United Women's Sports
- Company type: LLC
- Industry: Professional sports
- Founded: (2016)
- Founder: Digit Murphy Aronda Kirby
- Headquarters: Providence, Rhode Island, United States
- Area served: New England, Maryland, New York State, Pennsylvania
- Key people: Digit Murphy, President and CEO Aronda Kirby, COO Michele Dejulius, UWLX Commissioner
- Products: Professional sports teams
- Owner: Digit Murphy Enterprises
- Subsidiaries: UWLX; Play It Forward Foundation;
- Website: www.unitedwomenssports.com www.playitforwardsport.org

= United Women's Sports =

United Women's Sports LLC (UWS) is an American professional sports company based in Providence, Rhode Island. Operating women's professional sports leagues as a financially sustainable sports entertainment product, UWS works toward raising awareness of women in sport.

The business model for UWS is based on the objective of Play It Forward Sports, which was founded in 2015, aiming to create female leaders through sport. Such goals include providing opportunities for women to work in sports, including disciplines such as Marketing, On-Air, Production, Operations and Finance. Operating expenses for UWS includes administration, player salaries, facilities, game operations, travel/lodging and insurance, among others.

==Properties==
Founded by Digit Murphy and Aronda Kirby in 2016, the first venture of UWS involved lacrosse, with the launch of UWLX, its inaugural game took place on May 28, 2016. The flagship season culminated with the Long Island Sound capturing the league championship.

===Play It Forward Foundation===
In addition to the UWLX, Murphy and Kirby are co-founders of the Play It Forward Sports Foundation, with the goal of advancing gender equity in sports at all levels of play.

With the objective of providing more opportunities for women in sport as professional athletes, coaches and managers, the model for Play It Forward Sports also allows female athletes a chance to participate in the community by educating, training and mentoring young female athletes, providing them with earning potential.

Among their initiatives included an initiative with Eyekonz.
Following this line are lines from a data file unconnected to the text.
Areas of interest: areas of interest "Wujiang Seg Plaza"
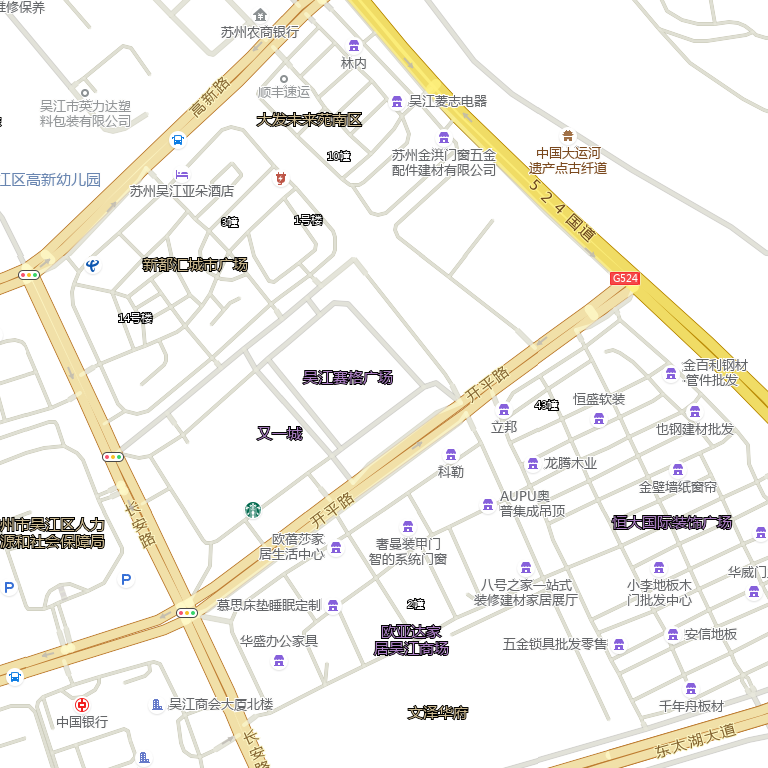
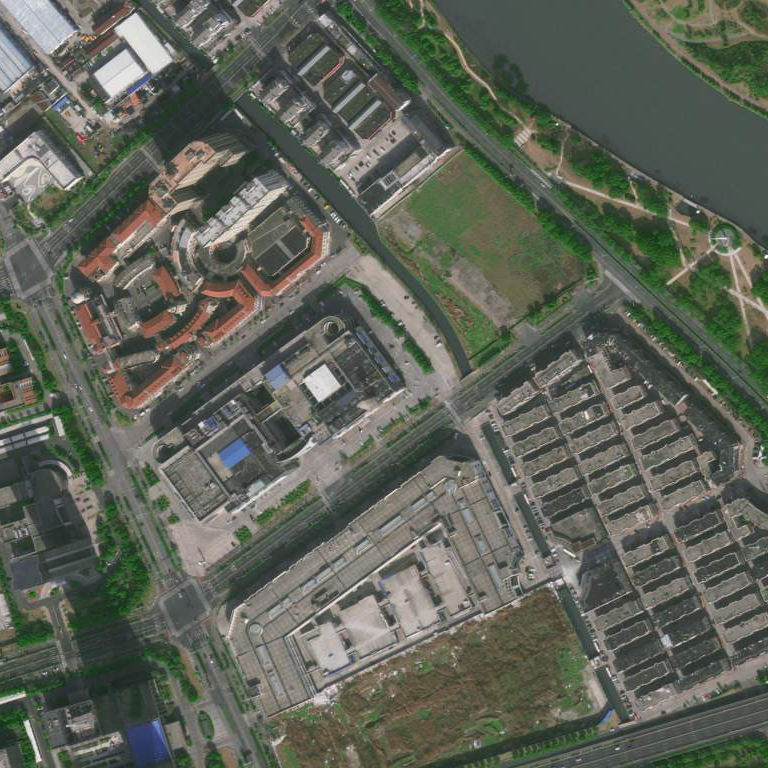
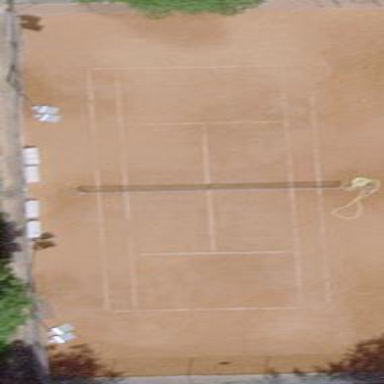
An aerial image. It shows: Clay tennis court pitch.
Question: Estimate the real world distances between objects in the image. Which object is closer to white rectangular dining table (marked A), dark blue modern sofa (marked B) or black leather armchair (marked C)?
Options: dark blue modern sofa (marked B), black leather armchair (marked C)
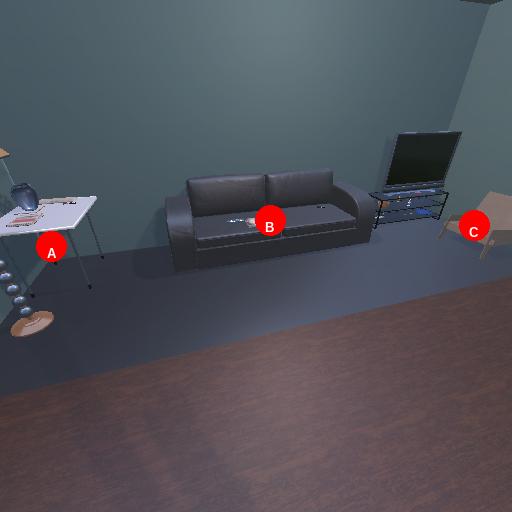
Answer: dark blue modern sofa (marked B)
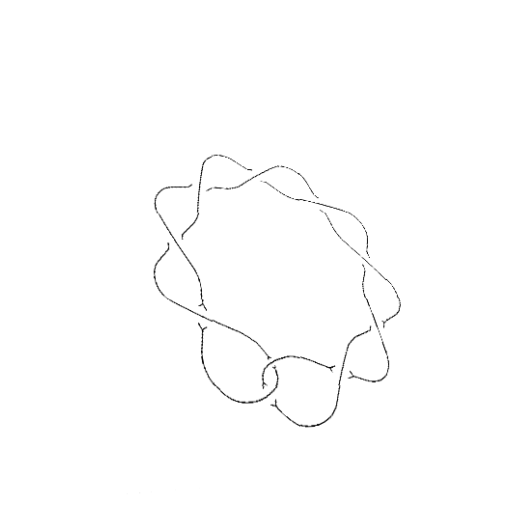
Crossing number: 10
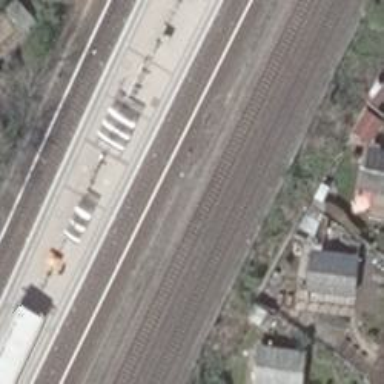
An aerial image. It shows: Railway track with contact line for electrification.
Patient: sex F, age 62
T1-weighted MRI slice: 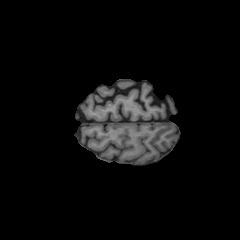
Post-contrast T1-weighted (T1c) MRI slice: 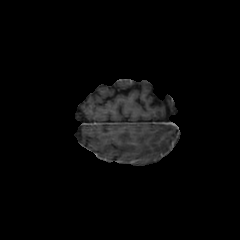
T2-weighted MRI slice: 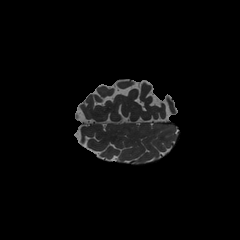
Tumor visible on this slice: no
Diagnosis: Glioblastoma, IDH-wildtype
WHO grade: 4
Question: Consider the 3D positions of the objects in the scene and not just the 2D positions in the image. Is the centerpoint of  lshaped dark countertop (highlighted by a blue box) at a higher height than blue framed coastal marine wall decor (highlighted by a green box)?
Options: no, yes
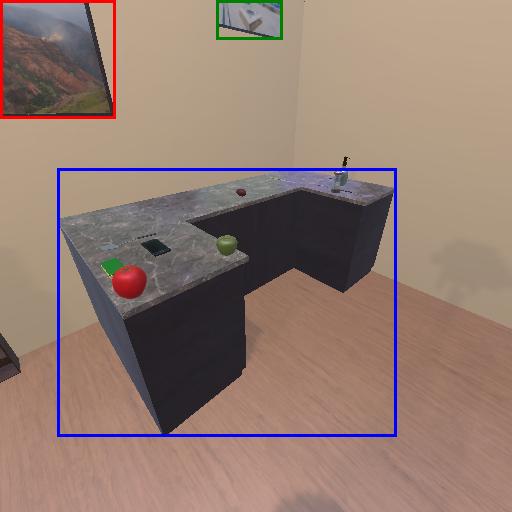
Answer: no
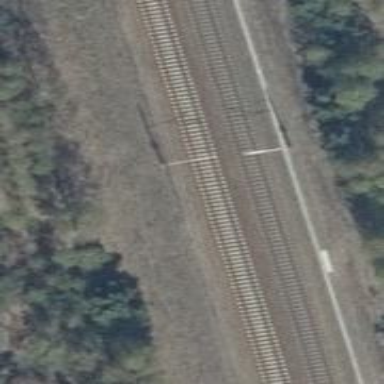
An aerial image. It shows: Railway milestone with catenary mast.
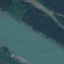
Label: River
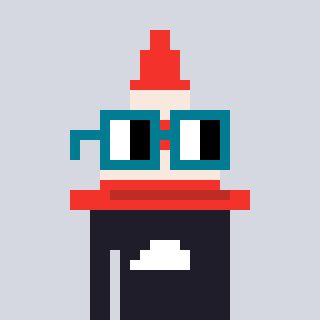
a pixel art character with square dark green glasses, a cone-shaped head and a grayscale-colored body on a cool background
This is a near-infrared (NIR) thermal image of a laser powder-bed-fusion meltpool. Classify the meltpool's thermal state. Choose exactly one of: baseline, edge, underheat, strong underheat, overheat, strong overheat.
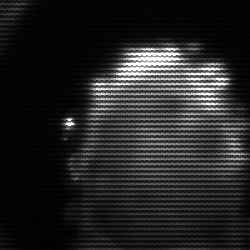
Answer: baseline
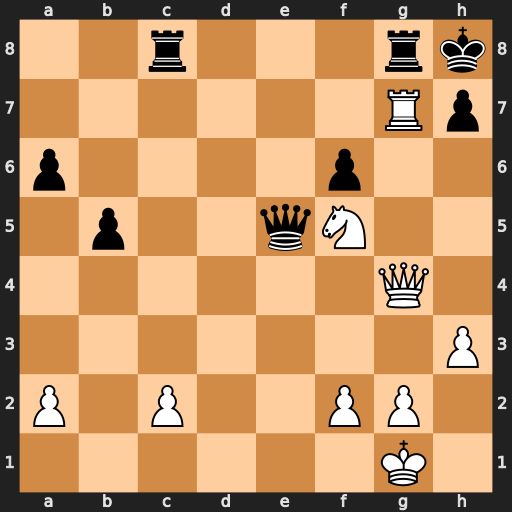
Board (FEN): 2r3rk/6Rp/p4p2/1p2qN2/6Q1/7P/P1P2PP1/6K1
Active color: w
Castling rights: -
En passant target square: -
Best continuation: Rxh7+ Kxh7 Qh5#
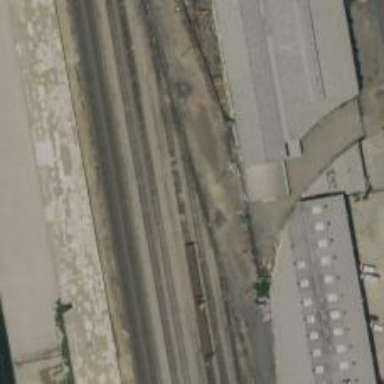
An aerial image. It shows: Railway yard.
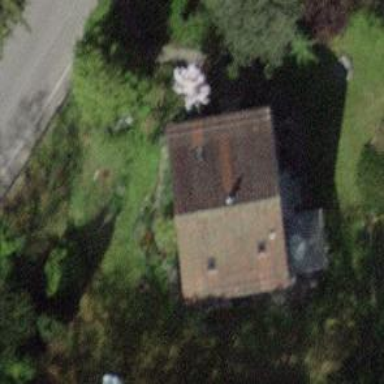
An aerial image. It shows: Simple and straightforward house.
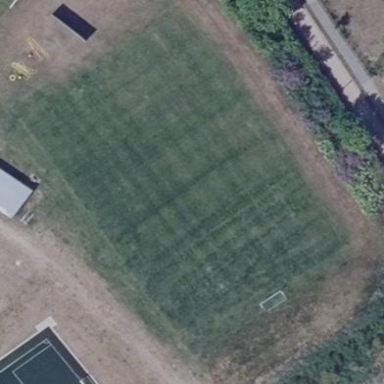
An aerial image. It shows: Soccer pitch for leisure land activities.
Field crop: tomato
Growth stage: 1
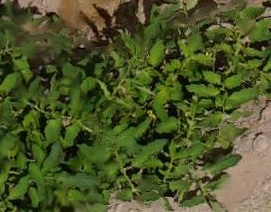
Species: tomato
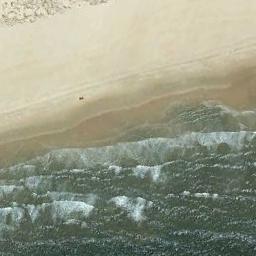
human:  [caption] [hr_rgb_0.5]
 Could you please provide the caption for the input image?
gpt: The beach with white sand and the color of the seawater is green .

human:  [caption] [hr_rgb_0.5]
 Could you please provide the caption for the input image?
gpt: Light yellow beach and light brown water .

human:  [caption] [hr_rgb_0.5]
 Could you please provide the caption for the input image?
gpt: There are several red houses on the beach .

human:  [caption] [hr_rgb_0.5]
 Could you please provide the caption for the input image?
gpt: Huge waves beat the yellow beach .

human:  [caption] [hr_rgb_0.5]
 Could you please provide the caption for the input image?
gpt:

Founded by Jazmine Smith, with the goal of introducing African-American girls to lacrosse, the initiative saw the UWLX run a free clinic for members of Philadelphia's Strawberry Mansion high school lacrosse team following a UWLX regular season game.

Athlete ambassadors for Play It Forward include Molly Schaus, along with tennis players Neha Uberoi and Shikha Uberoi. In addition, Schaus is part of the Foundation's Board, which includes Valarie Gelb, Debbie Mckay and John Mayers.

During March 2016, it was announced that Play It Forward Sport would support a new girls' hockey development program launched by the New York Islanders at their practice facility, the Northwell Health Ice Center. Said program shall include working with players 12 and under, while another shall involve an Under-14 and Under-16 years of age program.